Temperature contour on a cutplane for fluid volume.

• In the above two images, we can see the temperature at the four inlets and the outlet.
• The temperature of the flowing fluid is highest at the outlet pipe of the exhaust manifold.
• Here we can see that the temperature contour is much more detailed. The contour is much more defined properly near the inner surface of the exhaust manifold.

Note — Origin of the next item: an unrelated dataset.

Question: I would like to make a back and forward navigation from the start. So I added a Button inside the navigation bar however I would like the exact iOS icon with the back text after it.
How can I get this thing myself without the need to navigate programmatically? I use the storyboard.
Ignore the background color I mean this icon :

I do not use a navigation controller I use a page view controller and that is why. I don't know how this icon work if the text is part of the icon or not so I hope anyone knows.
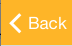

Velocity streamlines and velocity contours

• In case 2 we can see that the maximum velocity is 40.09 m/s while in case 1 the maximum velocity was 37.51 m/s. The velocity is more accurately simulated after mesh refinement in case 2. 
• The velocity contour is much more detailed in case 2 because of mesh refinement.

Heat transfer coefficient

• The heat transfer coefficient is higher in case 2 as compared to case 1. The mesh refinement and inflation layers led to better simulation in case 2.
• The maximum heat transfer coefficient is 211.05 W m^-2 K^-1 in case 2. 

Conclusion

• Performed CHT analysis on the exhaust manifold for two cases.
• The results are different in case 2 which has finner mesh with inflation layers.
• The second case has a higher value of HTC and fluid velocity.
• The contour plots are much more detailed in case 2 because of the mesh refinement and inflation layers.

Comparison

Verification of the Heat Transfer Coefficient (HTC) results

Verification of the simulation results can be done by performing a grid dependence test. We can run the simulation for different grid sizes until the results are independent of the grid size.

We can also verify the HTC results by calculating the theoretical value of the Nusselt number (Nu) and then equating it with the numerical results.

Theoretical Nusselt number

`Nu = 0.023*Re^(4/5)*Pr^(0.4)`

Re - Reynolds number.

Pr - Prandtl number.

Numerical value

`Nu = (h*l)/k`

h - convective heat transfer coefficient of the flow.

l - characteristic length.

k - thermal conductivity of the fluid.

Factors affecting the accuracy of the prediction

• The total number of elements in the mesh.
• The type of elements in the generated mesh.
• The perfect connection between the mesh of fluid volume and the solid volume.
• Use of inflation layers.
• Mesh quality criteria.
• Appropriate selection of the turbulence model.